- Tenure: 1892-1895
- Predecessor: Mehtar Sher Afzal
- Successor: Mehtar Amir ul-Mulk
- Born: 1861 Chitral
- Died: 1895 (aged 33–34)
- Buried: Chitral
- Residence: Chitral Fort
- Noble family: Kator Dynasty

= Nizam ul-Mulk (Mehtar of Chitral) =

Nizam ul-Mulk (1 January 1861 – 1 January 1895) was the Mehtar of the princely state of Chitral and ruled it from 1892 until his assassination in 1895.

== Biography ==
He was born as third son of Aman ul-Mulk. Upon his father's death on 30 August 1892, Nizam-ul-Mulk was away from Chitral, serving as the Governor of Yasin. During his absence, his younger brother Afzal ul-Mulk usurped his rightful position and assumed the Mehtarship, which was acknowledged by the Government of India. Nizam-ul-Mulk sought refuge in Gilgit, where he took shelter with the British Agent stationed in the region. The succession passed from Afzal ul-Mulk to his uncle Sher Afzal, whom he drove out of Chitral in 1893, assuming the Mehtarship.

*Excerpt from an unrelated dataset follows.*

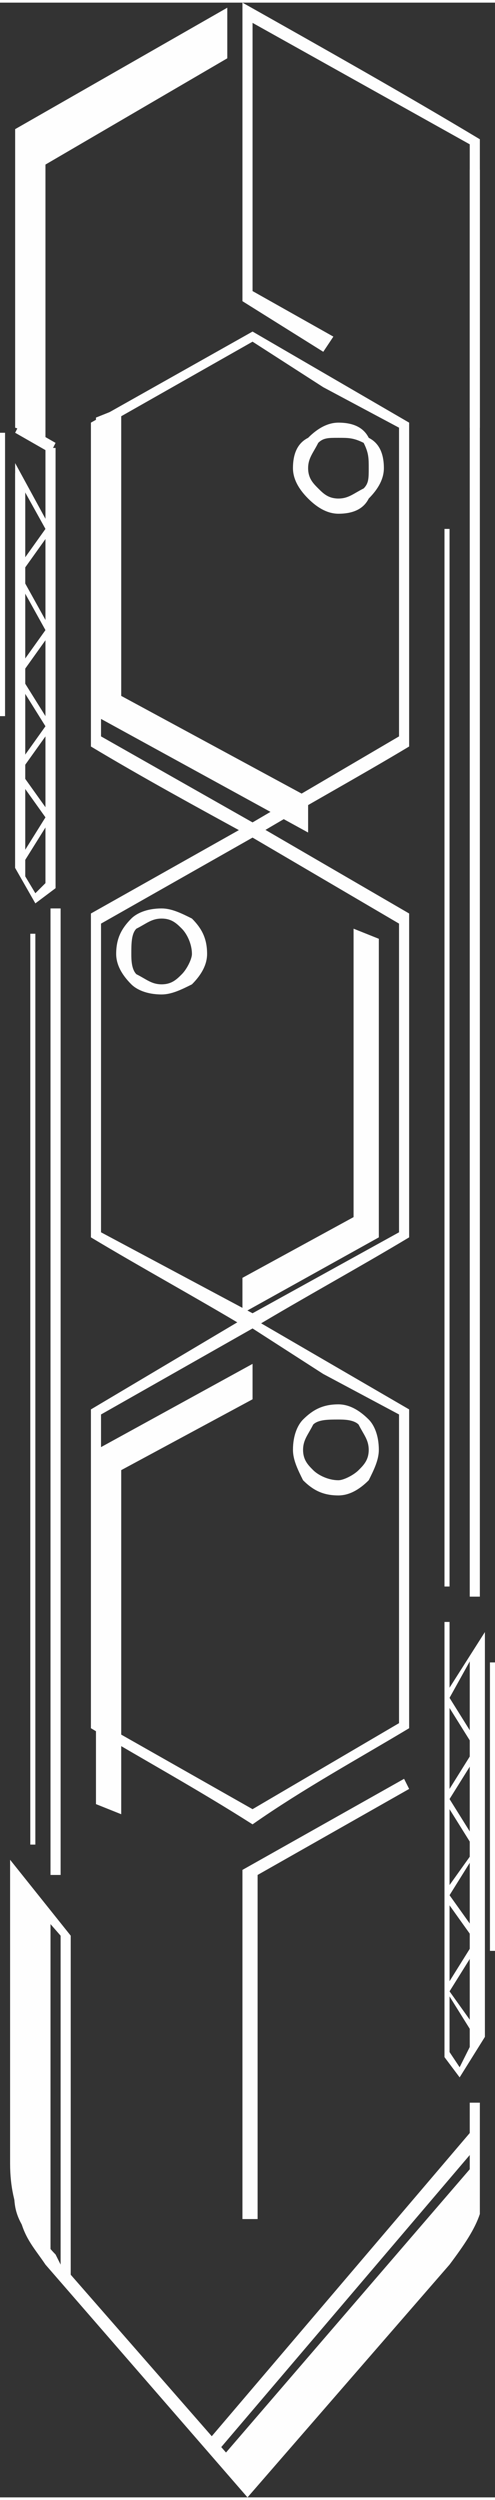 <?xml version="1.0" encoding="UTF-8"?> <svg xmlns="http://www.w3.org/2000/svg" xmlns:xlink="http://www.w3.org/1999/xlink" xmlns:xodm="http://www.corel.com/coreldraw/odm/2003" xml:space="preserve" width="97px" height="489px" version="1.1" style="shape-rendering:geometricPrecision; text-rendering:geometricPrecision; image-rendering:optimizeQuality; fill-rule:evenodd; clip-rule:evenodd" viewBox="0 0 0.98 4.93"><rect x="0" y="0" width="0.98" height="4.93" fill="#333333" stroke="none"/> <defs> <style type="text/css"> .fil1 {fill:#FEFEFE} .fil0 {fill:#FEFEFE;fill-rule:nonzero} </style> </defs> <g id="Layer_x0020_1">  <polygon class="fil0" points="0.48,4.38 0.48,3.69 0.8,3.51 0.81,3.53 0.51,3.7 0.51,4.38 "></polygon> <polygon class="fil1" points="0.03,0.84 0.09,0.86 0.09,0.32 0.45,0.11 0.45,0.01 0.03,0.25 "></polygon> <path class="fil0" d="M0.93 0.84l0 -0.56 -0.43 -0.24 0 0.53 0.16 0.09 -0.02 0.03 -0.16 -0.1 0 -0.59c0.16,0.09 0.32,0.18 0.47,0.27l0 0.57 -0.02 0z"></path> <path class="fil0" d="M0.5 2.6l0.31 0.18 0 0.63c-0.1,0.06 -0.21,0.12 -0.31,0.19 -0.11,-0.07 -0.22,-0.13 -0.32,-0.19l0 -0.63 0.32 -0.19 0 0.01zm0.14 0.11l-0.14 -0.09 -0.3 0.17 0 0.61 0.3 0.17 0.29 -0.17 0 -0.61 -0.15 -0.08z"></path> <path class="fil0" d="M0.49 2.62c-0.1,-0.06 -0.21,-0.12 -0.31,-0.18l0 -0.64 0.32 -0.18 0.31 0.18 0 0.64c-0.1,0.06 -0.21,0.12 -0.31,0.18l-0.01 0zm-0.14 -0.11l0.15 0.08 0.29 -0.16 0 -0.61 -0.29 -0.17 -0.3 0.17 0 0.61 0.15 0.08z"></path> <path class="fil0" d="M0.5 0.65l0.31 0.18 0 0.64c-0.1,0.06 -0.21,0.12 -0.31,0.18 -0.11,-0.06 -0.22,-0.12 -0.32,-0.18l0 -0.64 0.32 -0.18 0 0zm0.14 0.11l-0.14 -0.09 -0.3 0.17 0 0.61 0.3 0.17 0.29 -0.17 0 -0.61 -0.15 -0.08z"></path> <path class="fil0" d="M0.1 3.7l0 -1.91 0.02 0 0 1.91 -0.02 0zm0 -2.81l-0.07 -0.04 0.01 -0.02 0.07 0.04 -0.01 0.02z"></path> <path class="fil0" d="M0.12 4.47l0 -0.65 -0.07 -0.08 0 0.53c0,0.04 0,0.08 0.01,0.11 0.01,0.02 0.03,0.05 0.05,0.07l0.01 0.02zm0.02 -0.65l0 0.67 0.35 0.4 0.38 -0.44c0.03,-0.03 0.04,-0.06 0.05,-0.09 0.01,-0.02 0.01,-0.05 0.01,-0.09l0 -0.12 0.02 0 0 0.12c0,0.04 0,0.07 0,0.1 -0.01,0.03 -0.03,0.06 -0.06,0.1l-0.4 0.46 -0.4 -0.46c-0.02,-0.03 -0.04,-0.05 -0.05,-0.09 -0.01,-0.03 -0.02,-0.06 -0.02,-0.11l0 -0.6 0.12 0.15 0 0zm0.79 -0.67l0 -2.82 0.02 0 0 2.82 -0.02 0z"></path> <polygon class="fil0" points="0.95,4.23 0.43,4.84 0.41,4.82 0.93,4.21 "></polygon> <polygon class="fil0" points="0.06,3.64 0.06,1.84 0.07,1.84 0.07,3.64 "></polygon> <polygon class="fil1" points="0.19,3.56 0.24,3.58 0.24,2.9 0.5,2.76 0.5,2.69 0.19,2.86 "></polygon> <polygon class="fil1" points="0.75,1.85 0.7,1.83 0.7,2.4 0.48,2.52 0.48,2.59 0.75,2.44 "></polygon> <polygon class="fil1" points="0.19,0.82 0.24,0.8 0.24,1.37 0.61,1.57 0.61,1.64 0.19,1.41 "></polygon> <path class="fil1" d="M0.03 3.7l0.07 0.08 0 0.68c-0.09,-0.09 -0.07,-0.11 -0.07,-0.19l0 -0.57z"></path> <path class="fil1" d="M0.49 4.91l-0.05 -0.06 0.5 -0.58c0.01,0.13 -0.01,0.13 -0.06,0.19l-0.39 0.45z"></path> <polygon class="fil0" points="0.88,3.13 0.88,1.04 0.89,1.04 0.89,3.13 "></polygon> <path class="fil0" d="M0.11 0.88l0 0.16 0 0 0 0 0 0.2 0 0 0 0 0 0.19 0 0 0 0 0 0.18 0 0 0 0.01 0 0.13 -0.04 0.03 -0.04 -0.07 0 -0.19 0 0 0 0 0 -0.19 0 0 0 0 0 -0.2 0 0 0 0 0 -0.22 0.06 0.11 0 -0.14 0.02 0zm-0.02 0.86l0 -0.11 -0.05 0.08 0.03 0.05 0.02 -0.02zm0 -0.15l0 -0.14 -0.05 0.07 0.05 0.07zm0 -0.18l0 -0.15 -0.05 0.07 0.05 0.08zm0 -0.19l0 -0.16 -0.05 0.07 0.05 0.09zm-0.05 -0.27l0 0.16 0.05 -0.07 -0.05 -0.09zm0 0.2l0 0.16 0.05 -0.07 -0.05 -0.09zm0 0.2l0 0.15 0.05 -0.07 -0.05 -0.08zm0 0.19l0 0.15 0.05 -0.08 -0.05 -0.07z"></path> <polygon class="fil0" points="0.03,0.93 0.03,1.71 0.05,1.73 0.05,0.96 "></polygon> <polygon class="fil0" points="0.01,0.85 0.01,1.41 0,1.41 0,0.85 "></polygon> <path class="fil0" d="M0.67 0.83c0.03,0 0.05,0.01 0.06,0.03 0.02,0.01 0.03,0.03 0.03,0.06 0,0.02 -0.01,0.04 -0.03,0.06 -0.01,0.02 -0.03,0.03 -0.06,0.03 -0.02,0 -0.04,-0.01 -0.06,-0.03 -0.02,-0.02 -0.03,-0.04 -0.03,-0.06 0,-0.03 0.01,-0.05 0.03,-0.06 0.02,-0.02 0.04,-0.03 0.06,-0.03zm0.05 0.04c-0.02,-0.01 -0.03,-0.01 -0.05,-0.01 -0.02,0 -0.03,0 -0.04,0.01 -0.01,0.02 -0.02,0.03 -0.02,0.05 0,0.02 0.01,0.03 0.02,0.04 0.01,0.01 0.02,0.02 0.04,0.02 0.02,0 0.03,-0.01 0.05,-0.02 0.01,-0.01 0.01,-0.02 0.01,-0.04 0,-0.02 0,-0.03 -0.01,-0.05z"></path> <path class="fil0" d="M0.32 1.79c0.02,0 0.04,0.01 0.06,0.02 0.02,0.02 0.03,0.04 0.03,0.07 0,0.02 -0.01,0.04 -0.03,0.06 -0.02,0.01 -0.04,0.02 -0.06,0.02 -0.03,0 -0.05,-0.01 -0.06,-0.02 -0.02,-0.02 -0.03,-0.04 -0.03,-0.06 0,-0.03 0.01,-0.05 0.03,-0.07 0.01,-0.01 0.03,-0.02 0.06,-0.02zm0.04 0.04c-0.01,-0.01 -0.02,-0.02 -0.04,-0.02 -0.02,0 -0.03,0.01 -0.05,0.02 -0.01,0.01 -0.01,0.03 -0.01,0.05 0,0.01 0,0.03 0.01,0.04 0.02,0.01 0.03,0.02 0.05,0.02 0.02,0 0.03,-0.01 0.04,-0.02 0.01,-0.01 0.02,-0.03 0.02,-0.04 0,-0.02 -0.01,-0.04 -0.02,-0.05z"></path> <path class="fil0" d="M0.67 2.77c0.02,0 0.04,0.01 0.06,0.03 0.01,0.01 0.02,0.03 0.02,0.06 0,0.02 -0.01,0.04 -0.02,0.06 -0.02,0.02 -0.04,0.03 -0.06,0.03 -0.03,0 -0.05,-0.01 -0.07,-0.03 -0.01,-0.02 -0.02,-0.04 -0.02,-0.06 0,-0.03 0.01,-0.05 0.02,-0.06 0.02,-0.02 0.04,-0.03 0.07,-0.03zm0.04 0.04c-0.01,-0.01 -0.03,-0.01 -0.04,-0.01 -0.02,0 -0.04,0 -0.05,0.01 -0.01,0.02 -0.02,0.03 -0.02,0.05 0,0.02 0.01,0.03 0.02,0.04 0.01,0.01 0.03,0.02 0.05,0.02 0.01,0 0.03,-0.01 0.04,-0.02 0.01,-0.01 0.02,-0.02 0.02,-0.04 0,-0.02 -0.01,-0.03 -0.02,-0.05z"></path> <path class="fil0" d="M0.89 3.2l0 0.13 0.07 -0.11 0 0.22 0 0 0 0.01 0 0.19 0 0.01 0 0 0 0.18 0 0 0 0 0 0.19 -0.05 0.08 -0.03 -0.04 0 -0.13 0 0 0 -0.01 0 -0.18 0 0 0 0 0 -0.19 0 0 0 0 0 -0.2 0 0 0 0 0 -0.15 0.01 0zm0 0.17l0 0.16 0.05 -0.08 -0.05 -0.08zm0 0.2l0 0.15 0.05 -0.07 -0.05 -0.08zm0 0.19l0 0.15 0.05 -0.08 -0.05 -0.07zm0 0.18l0 0.11 0.02 0.03 0.03 -0.06 -0.05 -0.08zm0.05 0.06l0 -0.15 -0.05 0.08 0.05 0.07zm0 -0.19l0 -0.15 -0.05 0.08 0.05 0.07zm0 -0.18l0 -0.16 -0.05 0.08 0.05 0.08zm0 -0.2l0 -0.17 -0.05 0.09 0.05 0.08z"></path> <polygon class="fil0" points="0.95,3.24 0.95,4.02 0.93,4.05 0.93,3.27 "></polygon> <polygon class="fil0" points="0.98,3.28 0.98,3.85 0.97,3.85 0.97,3.28 "></polygon> </g> </svg>

Upon his departure, Colonel Algernon Durand dispatched 2 Kashmir mountain battery guns, 250 rifles of a Kashmir regiment, and 100 Hunza levies (commanded by Humayun Beg) armed with Snider carbines to Gupis, at the mouth of the Yasin Valley, with which he occupied Mastuj. A skirmish near Drasan took place, which ended up in favor of Nizam ul-Mulk, causing Sher Afzal to flee and seek refuge with the Afghan Ispahsalar in Asmar, Kunar province, Afghanistan. Nizam ul-Mulk's first act after assuming power was to send a request to Gilgit that a British mission might visit him without delay. This request was complied with, and in January 1893, a party of four officers, headed by George Robertson and Francis Younghusband, and escorted by fifty rifles of the 15th Sikhs, arrived at Chitral.

He was murdered on 1 January 1895 at Broze while hawking by his younger brother Amir ul-Mulk. Legend has it that during the incident, Nizam ul-Mulk's turban fell off, and as he stopped to pick it up, Amir ul-Mulk attempted to shoot him. Although his shot missed, at a signal from his master, one of his retainers shot Nizam ul-Mulk in the back, causing his immediate death.